Centrão quer aliança com Bolsonaro, mas não deve isolar Maia

Deputados do bloco tentarão desidratar a possibilidade de que um pedido de impeachment contra o presidente da República avance na Câmara

atualizado 26/04/2020 10:15

Apesar das frequentes críticas do presidente da República, Jair Bolsonaro (sem partido), ao Congresso Nacional, e da crise política na qual vive o governo, o chefe do Planalto poderá contar com uma base aliada na Casa. Deputados do Centrão se tornaram peças-chave para Bolsonaro, com a missão de evitar que determinadas pautas avancem na Câmara, como, por exemplo, pedidos de impeachment.

Parlamentares do PP, PL, PTB, PSD, Republicanos e Solidariedade negociam cargos no Executivo e devem apoiar o governo. Entretanto, na prática, não devem isolar o presidente da Casa, Rodrigo Maia (DEM-RJ), a quem Bolsonaro já acusou, publicamente, de querer tirá-lo do Poder.

Líderes e vice-líderes do bloco ouvidos pelo Metrópoles contam que estarão alinhados ao presidente da República. Mas as legendas envolvidas não fecharam questão e, por isso, ainda há congressistas contrários ao mandatário do Planalto.

Para os novos apoiadores de Bolsonaro, a estratégia para tentar evitar a abertura de um processo de impeachment é insistir na narrativa de que é importante, primeiro, combater a pandemia do novo coronavírus e os desdobramentos dela.

O que mudará com a nova aliança deve ser o alijamento de Maia da interlocução da Câmara com o Executivo, informou um deputado do PP que participou das conversas com o governo. Ele explicou que antes era o deputado fluminense que fazia o intermédio com o Planalto em nome dos parlamentares.

Mas, com o caminho aberto, a ideia é que os parlamentares negociem diretamente com integrantes do governo. “Maia perde influência política, mas ainda é o mais forte da Câmara. O apoio ao presidente Bolsonaro será até quando durar a popularidade dele”, avisou outro parlamentar do bloco, que pediu para não ser identificado.
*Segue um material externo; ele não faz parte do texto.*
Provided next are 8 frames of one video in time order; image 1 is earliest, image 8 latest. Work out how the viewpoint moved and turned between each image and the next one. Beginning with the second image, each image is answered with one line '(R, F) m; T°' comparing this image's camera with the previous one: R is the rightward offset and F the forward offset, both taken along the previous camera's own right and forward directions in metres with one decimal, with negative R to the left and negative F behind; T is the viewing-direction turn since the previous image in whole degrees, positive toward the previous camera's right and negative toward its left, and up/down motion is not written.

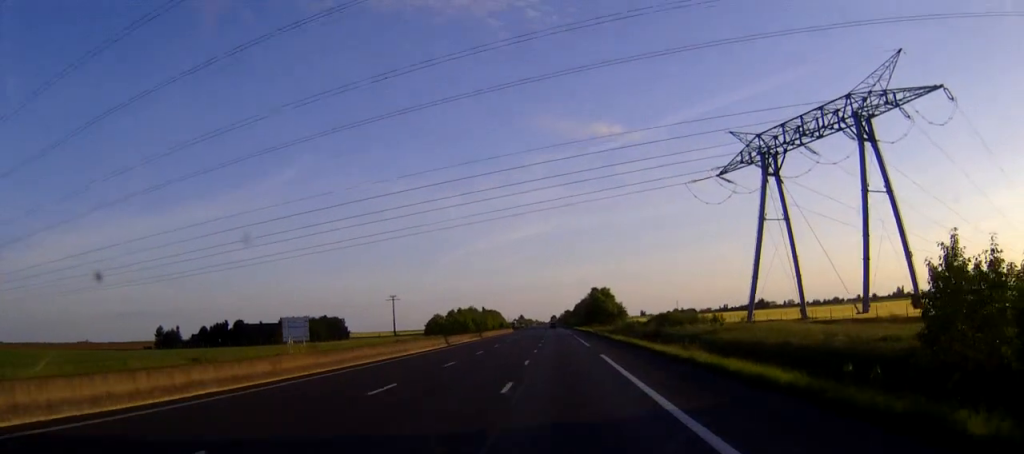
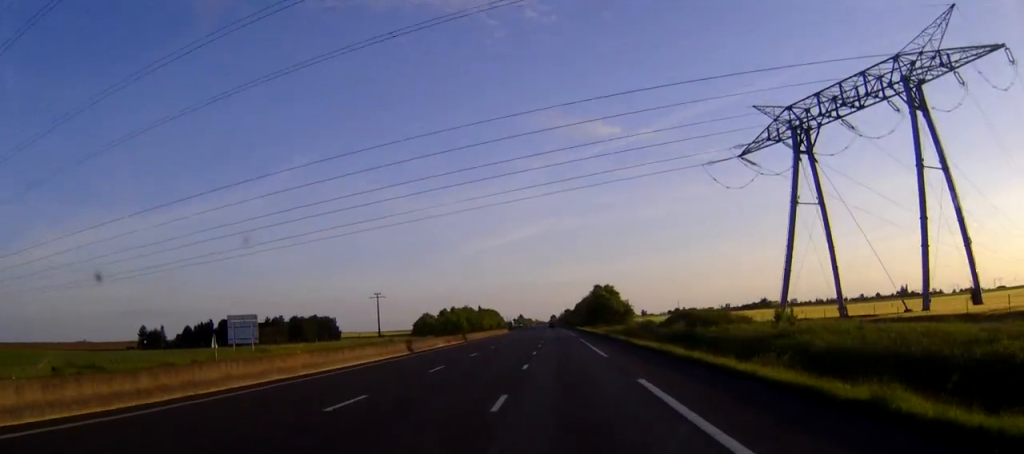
(0.0, +17.1) m; 0°
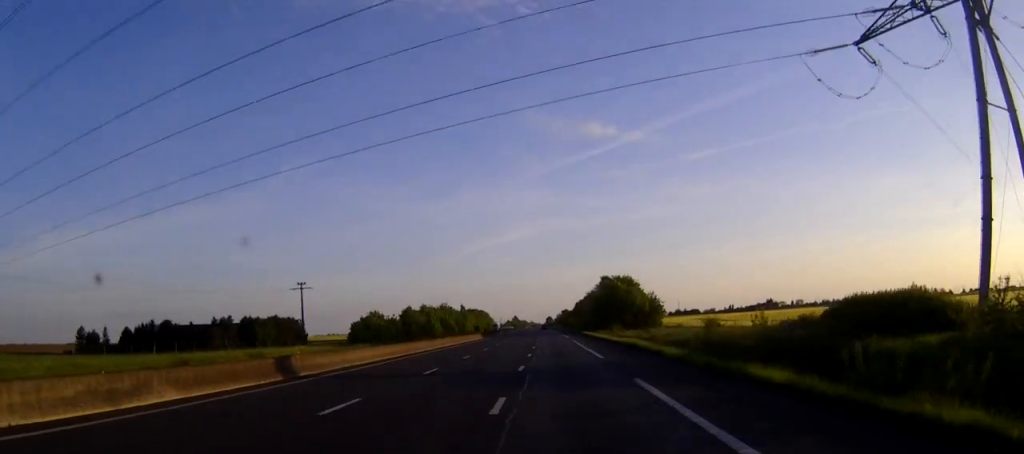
(-0.1, +52.3) m; 0°
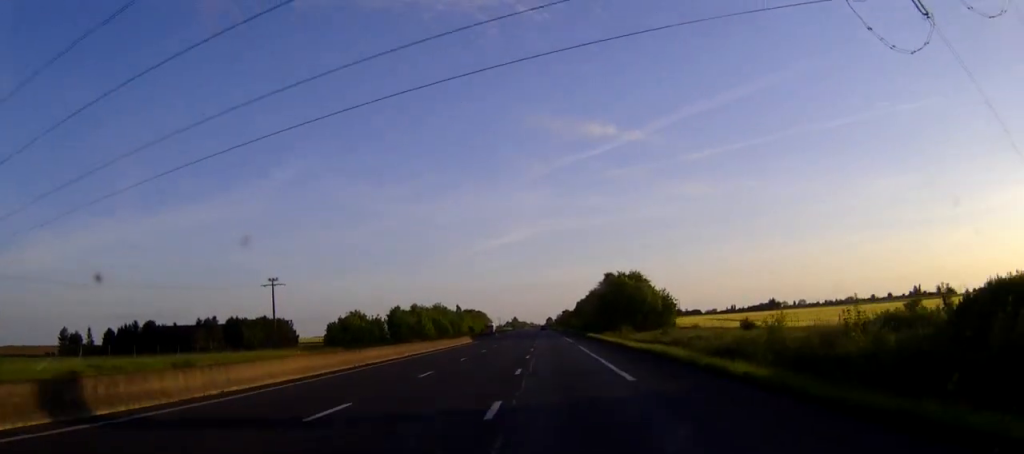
(0.0, +13.5) m; 0°
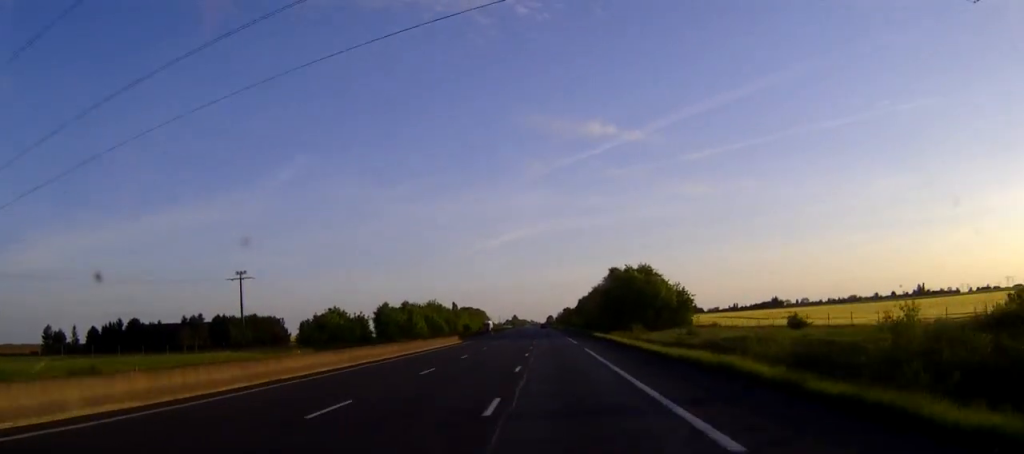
(0.0, +12.7) m; 0°
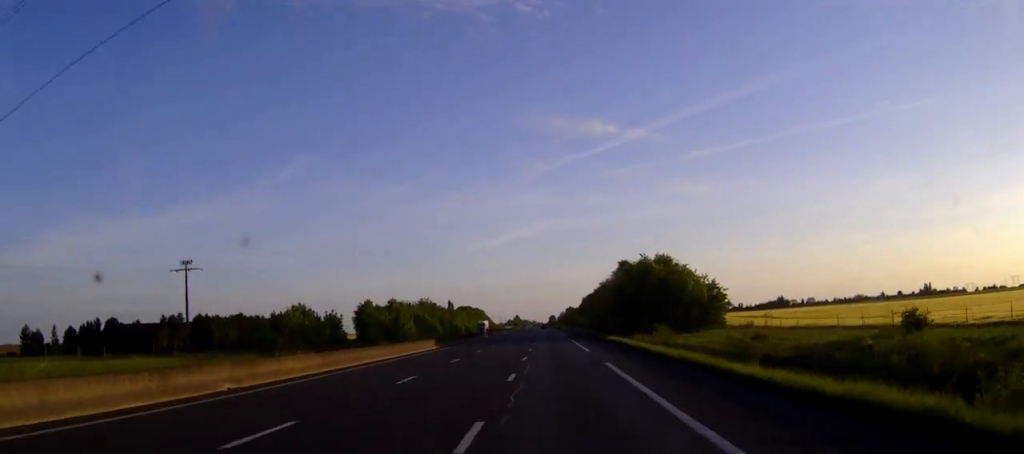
(0.0, +17.1) m; 0°
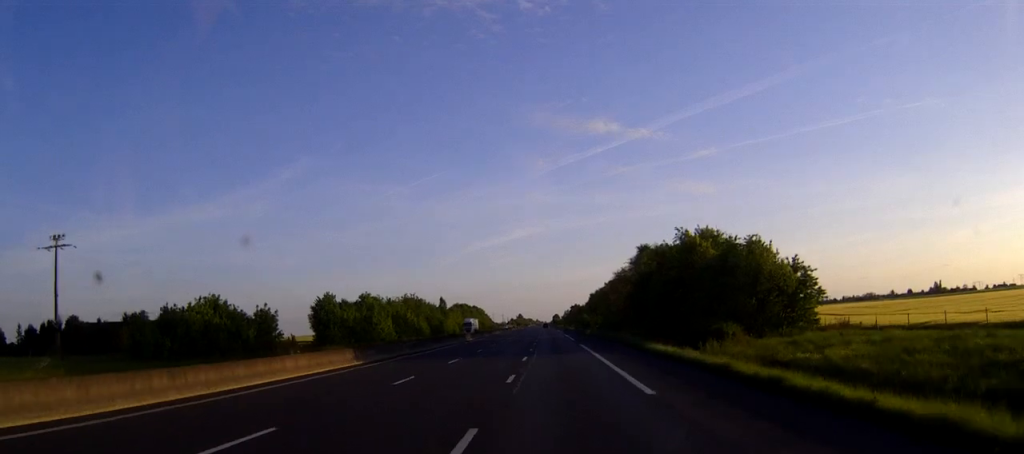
(-0.1, +27.0) m; 0°
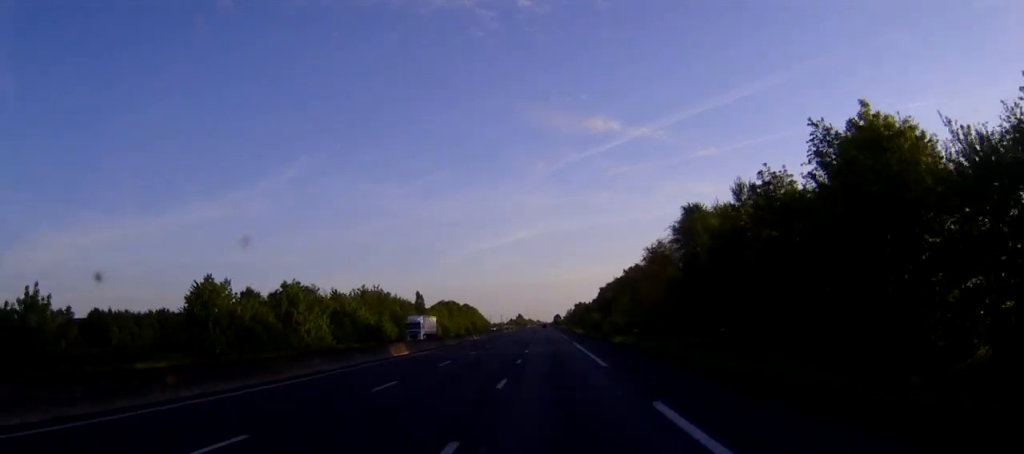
(0.0, +40.6) m; 0°
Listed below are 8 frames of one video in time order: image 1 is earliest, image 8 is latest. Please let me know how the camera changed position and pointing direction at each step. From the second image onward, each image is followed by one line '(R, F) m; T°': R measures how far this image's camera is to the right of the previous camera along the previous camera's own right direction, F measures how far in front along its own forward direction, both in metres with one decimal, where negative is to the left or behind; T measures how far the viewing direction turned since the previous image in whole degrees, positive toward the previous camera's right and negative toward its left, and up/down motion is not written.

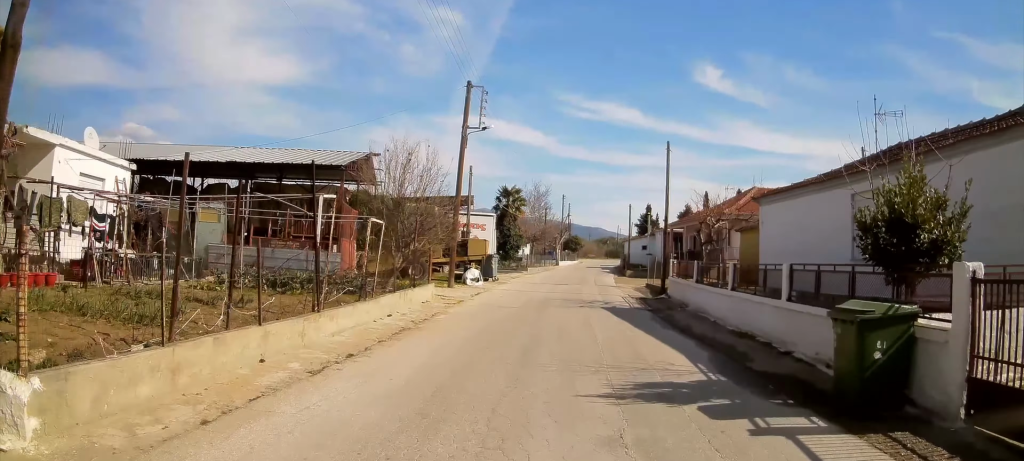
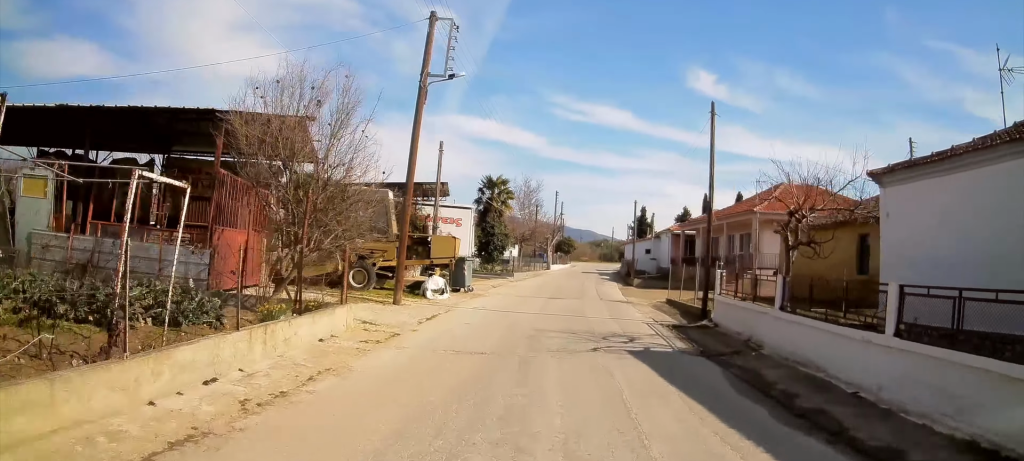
(0.0, +7.6) m; 0°
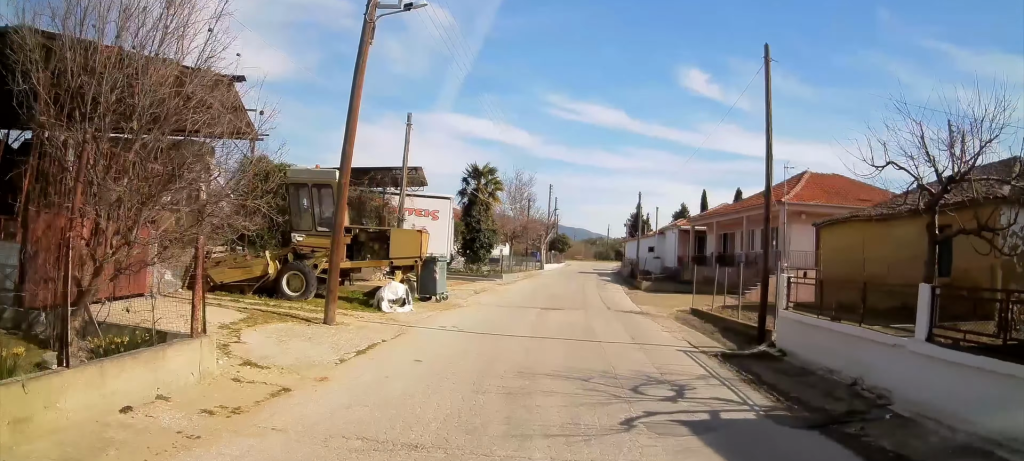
(0.0, +5.0) m; 0°
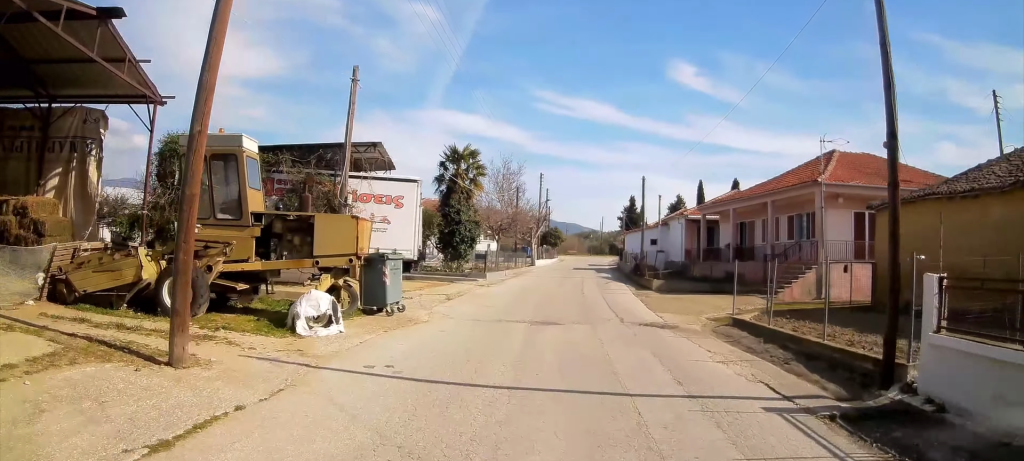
(0.0, +5.0) m; 0°
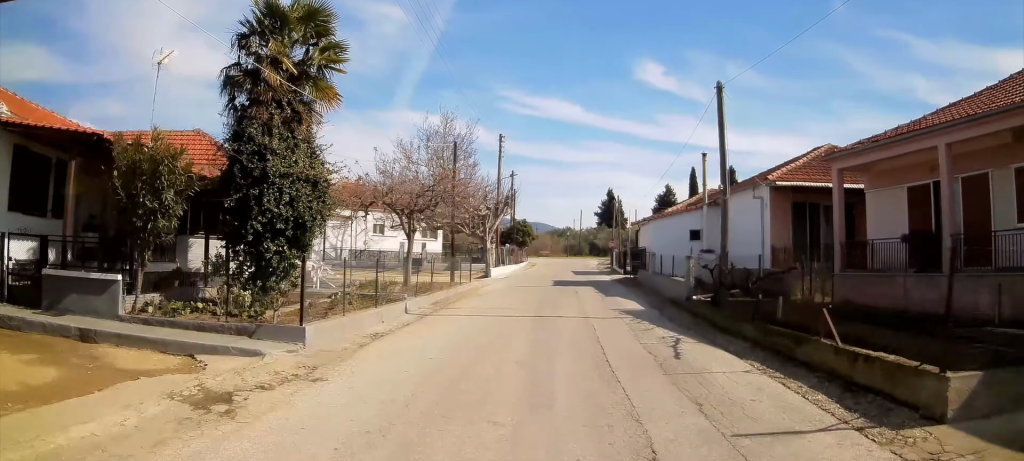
(+0.1, +19.8) m; +1°
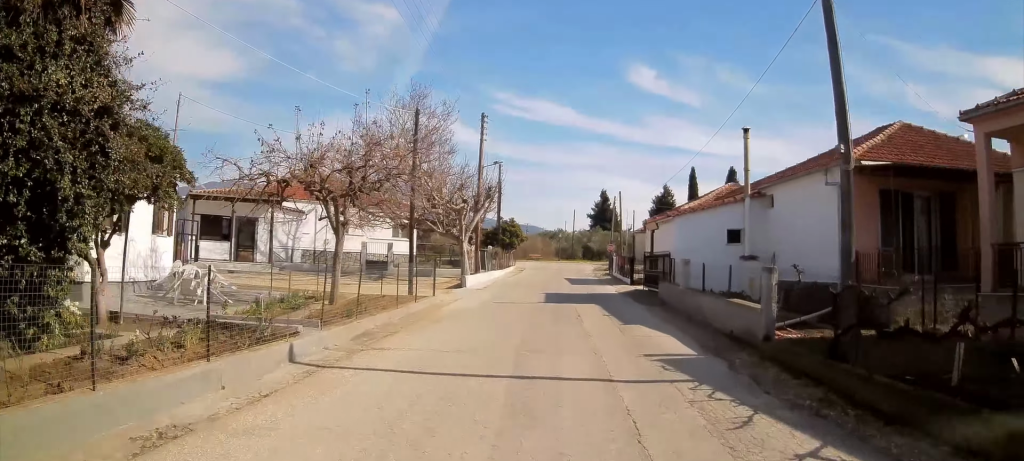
(0.0, +6.8) m; +3°
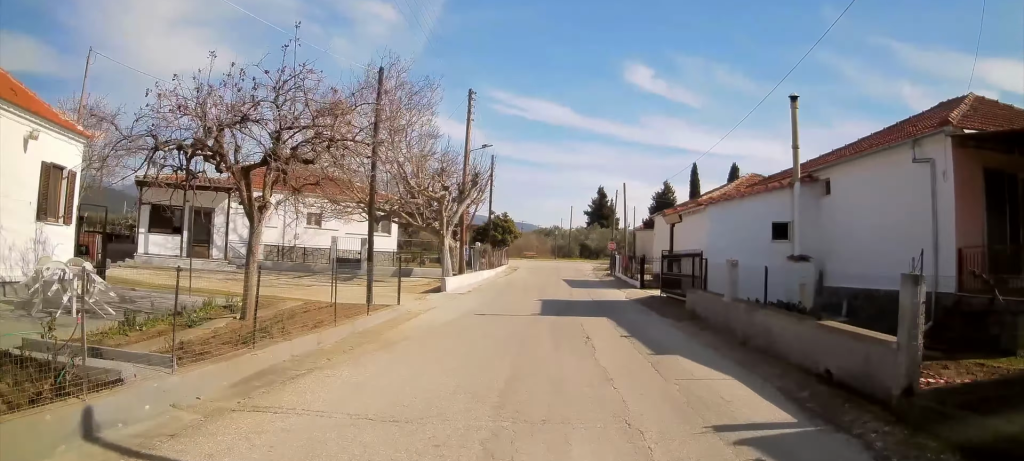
(-0.2, +4.5) m; +3°
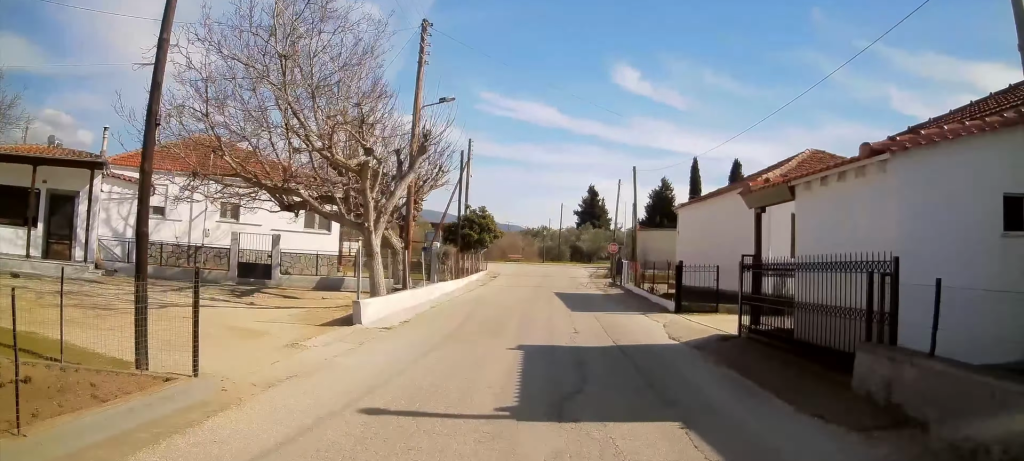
(+0.9, +8.9) m; +4°

Não bastasse a crise da Covid-19, também desgasta a imagem do governo a saída de ministros populares, como Luiz Henrique Mandetta da Saúde, e o ex-juiz Sergio Moro da Justiça e Segurança Pública, anunciada nessa sexta-feira (24/04).

No discurso de despedida, Moro fez diversas acusações contra Bolsonaro, que motivaram parlamentares a apresentar pedidos de impeachment. A ex-aliada dele e atual líder do PSL na Casa, Joice Hasselmann (SP), foi à casa de Maia mostrar o projeto ao deputado. Depois do encontro, ela protocolou a proposta na Secretaria-Geral da Câmara.

Não há, contudo, uma posição oficial de Maia. Aliados do presidente da Câmara afirmam que ele estuda as possibilidades. Mas, na mesma reunião em que Joice contou sobre o pedido de afastamento do chefe do Executivo, estava na Residência Oficial o secretário-geral da Mesa, Leonardo Augusto de Andrade Barbosa, e outros deputados do Centrão.